The kit is a shoulder bag for medications needed during a hospital stay; a Hospital Action Plan booklet that helps you prepare for hospitalizations, planned or unexpected; a PD ID bracelet; a medical alert wallet card; a medication list; a PD fact sheet that can be shared with hospital staff or placed in a chart, etc.

Expert-Level Reading

"Deterioration of Parkinson's Disease During Hospitalization: Survey of 684 Patients" by Oliver HH Gerlach, Martijn PG Broen, Peter MNF vanDomburg, Ad J Vermeij, Wim EJ Weber, BioMed Central Neurology, 2012.
In this Dutch study, Parkinson's patients answered a standarized questionnaire on general, disease, and hospital related issues. 684 PD patients had been hospitalized at least once in the last year. Regardless of the type of admissions ward and whether or not the patients had surgery, incorrect medication during hospitalization was the most important risk factor for deterioration.

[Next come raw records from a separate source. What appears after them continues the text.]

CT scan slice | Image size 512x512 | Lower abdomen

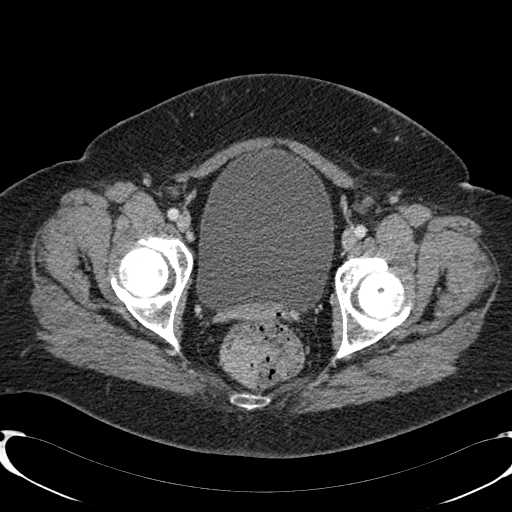 Segmented structures:
• urinary bladder: bbox=[196, 146, 333, 310]
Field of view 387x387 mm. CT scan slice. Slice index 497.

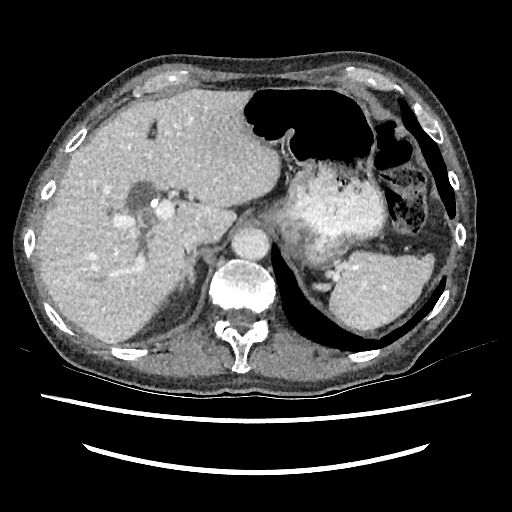
Liver — [x1=37, y1=91, x2=277, y2=342].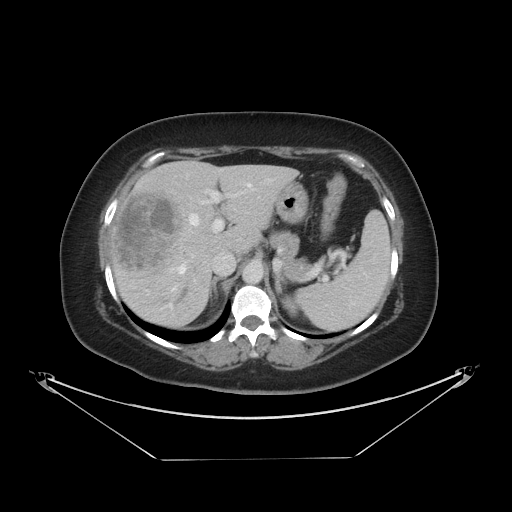
CT slice
Only some of the vessels may be annotated.
Hepatic vessel at (177,266,185,273), (213,220,222,230), (246,182,254,189), (227,190,246,196), (200,189,218,204), (191,215,197,224).
Liver tumor at (109,190,182,273).

"How Should Parkinson's Disease be Managed Perioperatively?"
by Swati G. Patel, MD, Chad R. Stickrath, MD, Mel Anderson, MD, and Olga Klepitskaya, MD, The Hospitalist, June 2010.
This literature review of potential hospitalization risks in PD patients includes a discussion of techniques that may be uniquely required in the Parkinson's population. The authors note that other conditions, like cariodpulmonary disorders, already receive a great deal of attention with regard to perioperative risk assessment and PD deserves a similar level of attention.

"Management of the Hospitalized Patient with Parkinson's Disease: Current State of the Field and Need for Guidelines" by Michael J. Aminoff, et.al. for the National Parkinson Foundation Working Group on Hospitalization in Parkinson's Disease, Parkinsonism & Related Disorders, March 2011; 17(3): 139–145.
This literature review identifies practice gaps in the management of the hospitalized PD patient. Medications, dosages and specific dosage schedules are critical. Staff training regarding medications and medication management may help avoid complictions, particularly those related to reduced mobility, and aspiration pneumonia. Treatment of infections and return to early mobility is also critical to management.

"Medication Management in People with Parkinson's Disease During Surgical Admissions" by C.P. Derry, K.J. Shah, L. Cale, and C.E. Counsell, Postgraduate Medical Journal, 2010.
In an 18-month study done at the Aberdeen Royal infirmary, UK, medical and nursing notes for PD patients admitted to surgical departments were reviewed retrospectively. Researchers found poor prescribing and incomplete drug administration were common. Measures to improve medication management are identified.

 

 

This list compiled by Denise Dagan with the Stanford APDA Information & Referral Center, May 2012.